Что ж, по крайней мере, будет чем утешиться.
Сбылось в том смысле, что детское искусство действительно стало неким способом сбежать от цензуры (и в подростковых комедиях – например, «12+» – появляются кое-какие приметы реальности, исчезнувшие из арт-хауса и сериалов. Даже социальность кое-какая). Но подростковое кино развивается вяло, снимаются безоблачные фильмы вроде «Хорошего мальчика», а экзистенциальные драмы на школьном материале появляются разве что в Прибалтике. Попытка Людмилы Улицкой по-взрослому говорить с детьми о семейной этике закончилась новыми скандалами и призывами сажать. Подростковой литературы по-прежнему очень мало. Короче, то ли цензура недостаточна, то ли никто уже не верит, что детей надо учить чему-нибудь хорошему. А может, главным жанром будущего стала игра – но в этом я мало понимаю.
Чувство врага
Как сладко уничтожать
Гражданской войны в России не было и вряд ли будет. То, что у нас происходило с 1917 по 1922 год, называется иначе.
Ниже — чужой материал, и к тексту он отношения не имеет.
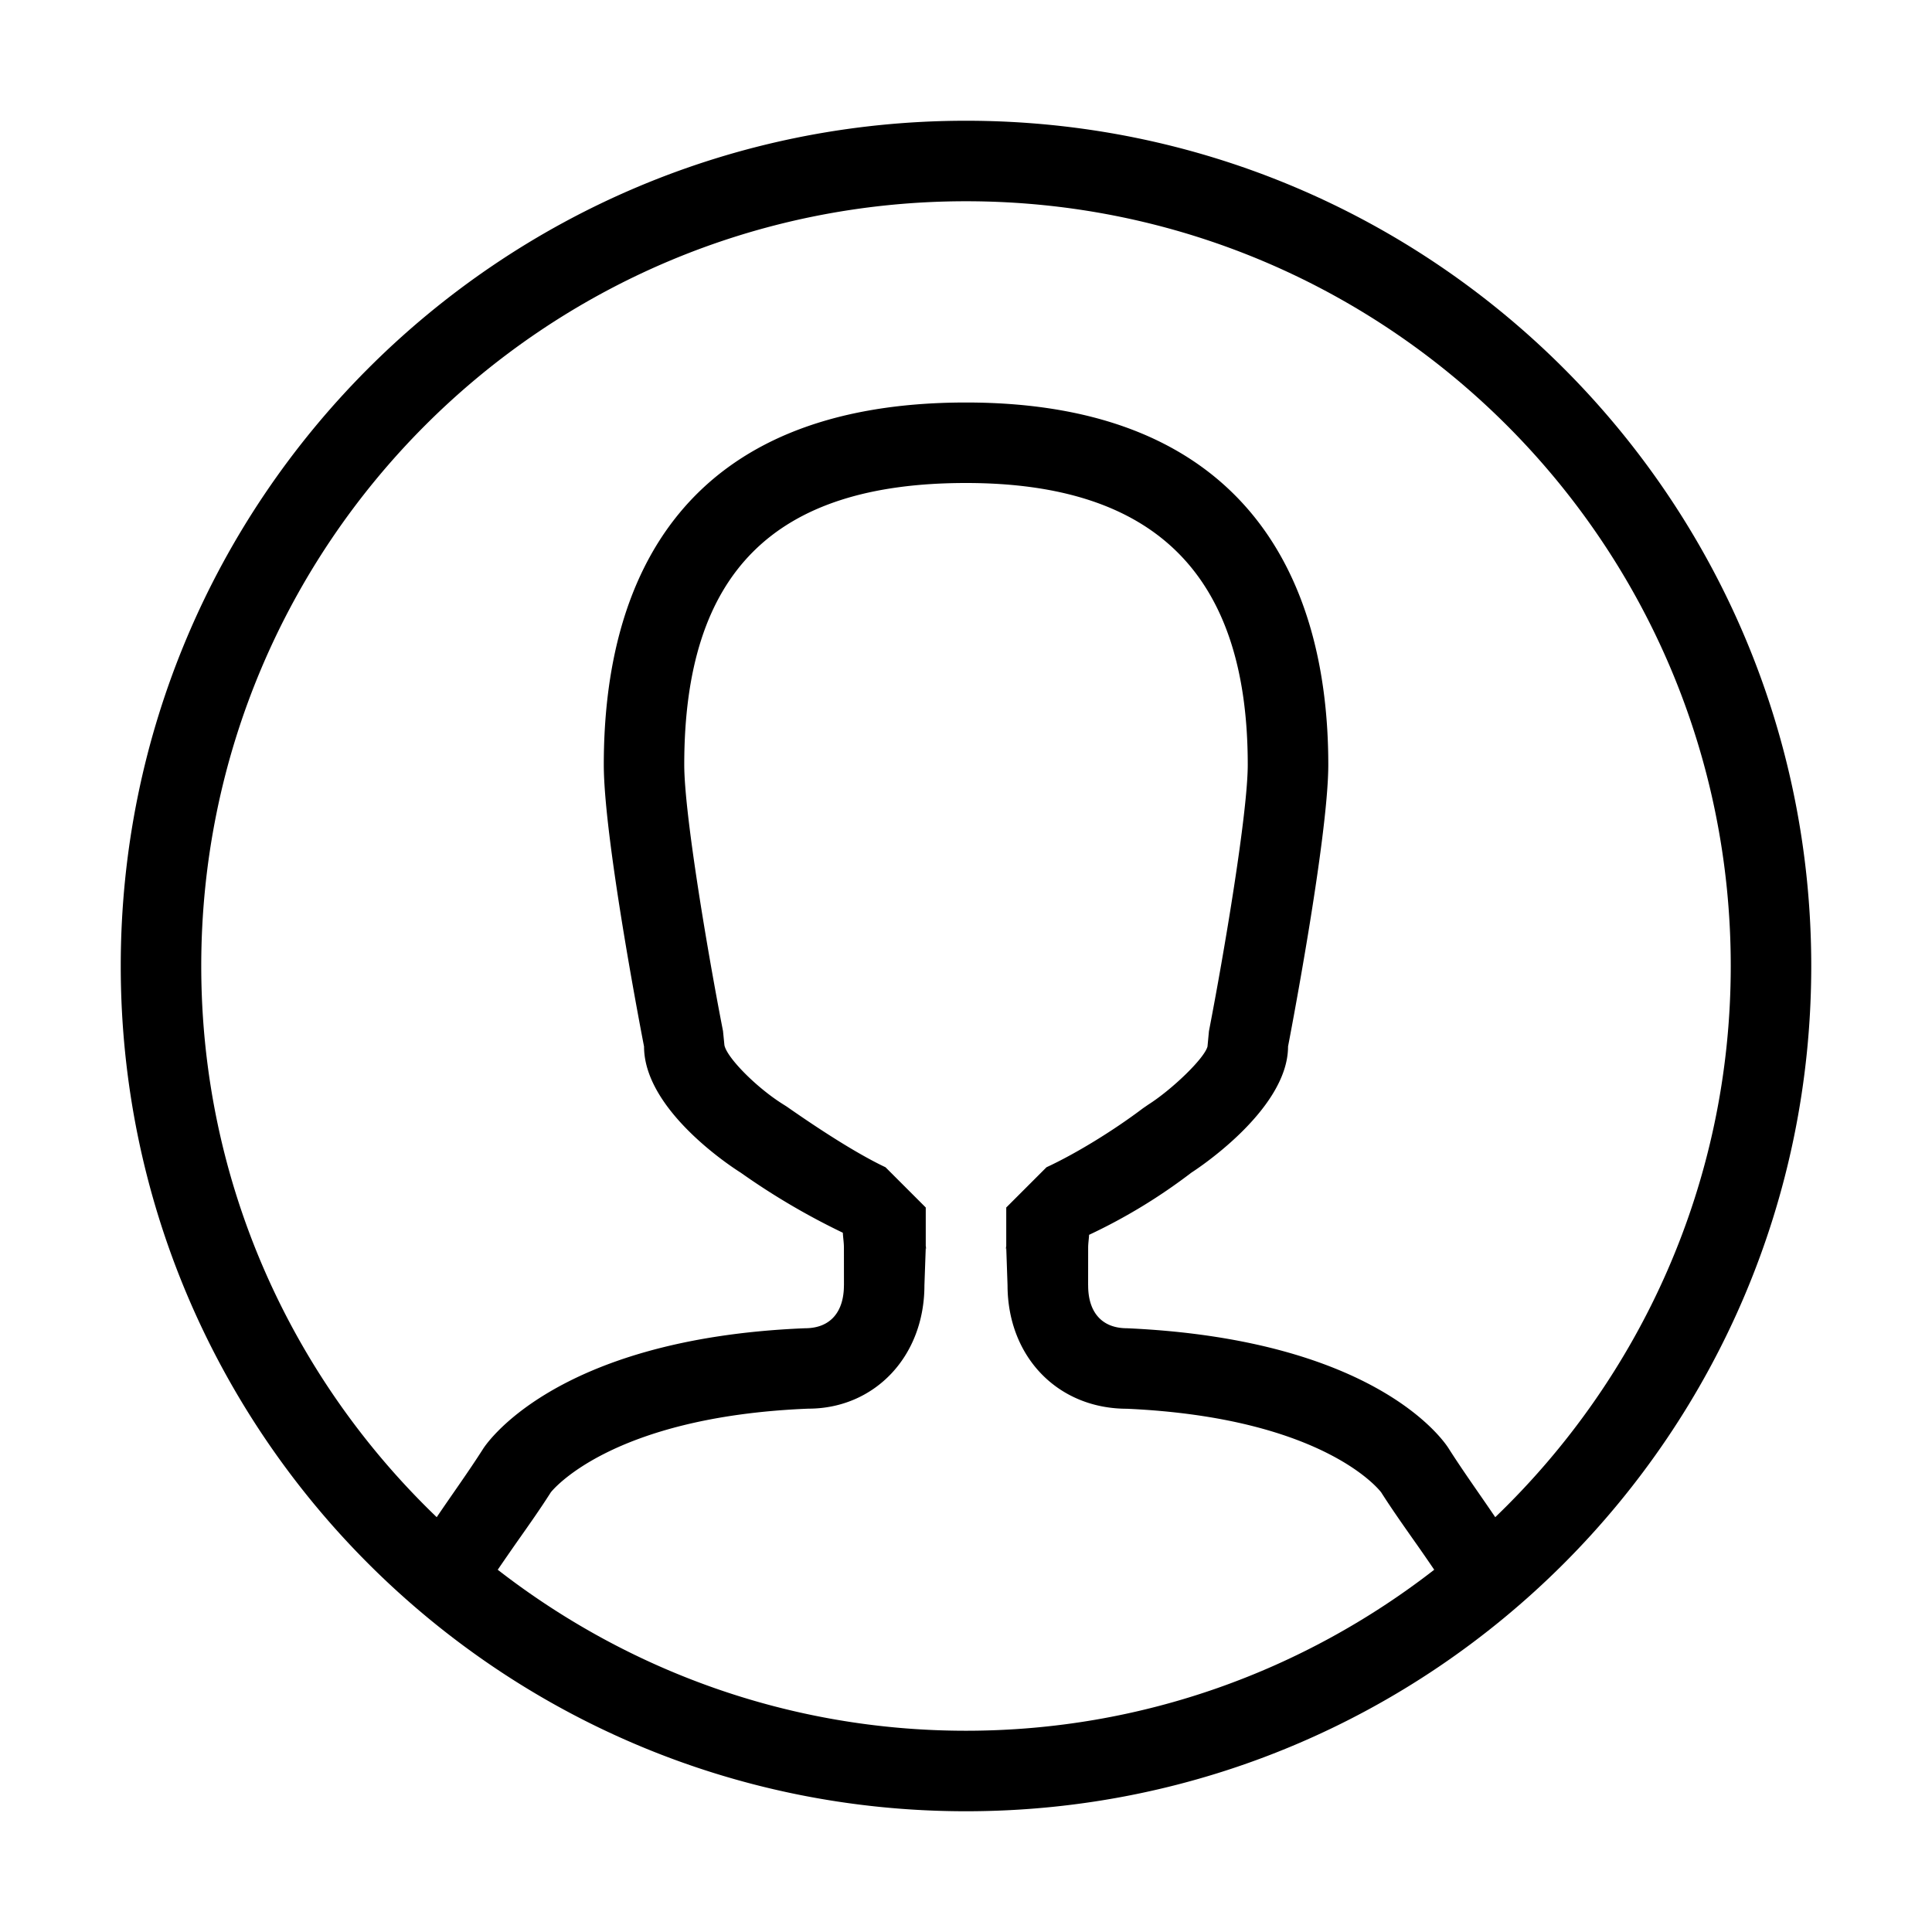 <svg viewBox="0 0 48 48" xmlns="http://www.w3.org/2000/svg">
  <path clip-rule="evenodd" d="M24 45C12.402 45 3 35.598 3 24S12.402 3 24 3s21 9.402 21 21-9.402 21-21 21zm11.633-6a48.238 48.238 0 0 0-.514-.742c-.277-.394-.554-.788-.802-1.178-.012-.018-1.382-1.856-6.317-2.08-1.717 0-2.965-1.288-2.968-3.066L25 31c0-.135-.016.148 0 0v-1l1-1c.731-.339 1.66-.909 2.395-1.464l.135-.093c.581-.369 1.393-1.146 1.47-1.443l.036-.381C30.409 23.696 31 20.198 31 19c0-4.71-2.29-7-7-7-4.775 0-7 2.224-7 7 0 1.23.591 4.711.963 6.616l.035.352c.063.313.799 1.054 1.449 1.462l.098.062c.788.551 1.73 1.165 2.455 1.508l1 1v1c.014.138 0-.146 0 0l-.033.934c0 1.775-1.246 3.064-2.883 3.064h-.003c-4.956.201-6.393 2.077-6.395 2.077-.252.396-.528.789-.807 1.184-.157.224-.355.51-.513.741 3.217 2.498 7.245 4 11.633 4s8.417-1.502 11.634-4zM24 5C13.507 5 5 13.507 5 24c0 5.386 2.25 10.237 5.85 13.694.382-.565.79-1.129 1.15-1.694 0 0 1.67-2.743 8-3 .645 0 .967-.422.967-1.066h.001L20.967 31c0-.13-.021-.247-.027-.373a17.497 17.497 0 0 1-2.539-1.494s-2.4-1.476-2.4-3.133c0 0-1-5.116-1-7 0-4.644 1.986-9 9-9 6.92 0 9 4.356 9 9 0 1.838-1 7-1 7 0 1.611-2.4 3.133-2.4 3.133a13.873 13.873 0 0 1-2.543 1.546c-.005.109-.023.209-.023.321l-.001.934h.001c-.002.644.32 1.066.965 1.066 6.424.288 8 3 8 3 .36.565.767 1.129 1.149 1.694C40.749 34.237 43 29.386 43 24c0-10.493-8.507-19-19-19z" fill-rule="evenodd"/>
</svg>

Недавно у меня была на эту тему долгая дискуссия с одним профессиональным историком. Собственно, этот текст и есть попытка расширенного ответа, договора о терминах, потому что единой даты начала Гражданской войны в российской историографии нет, кто-то отсчитывает ее от 1916 года, когда впервые начали убивать офицеров и пропагандистов на фронтах, а кто-то – от второй половины 1918-го, когда организационно оформилось Добровольческое движение и одновременно возникла боеспособная Красная армия. При сочинении «Орфографии», действие которой происходит как раз в восемнадцатом и частично в девятнадцатом, мне пришлось читать о Гражданской войне много всякого – и художественного, и документального, и фантастического, и достоверного. Надо бы наконец договориться, что это такое. Потому что происходившее в России после революции никак не может претендовать на это гордое название. У нас была смута, потому что гражданская война – это идейная схватка одной половины общества с другой. А в нашем печальном случае это была драка всех со всеми – совершенно другая история.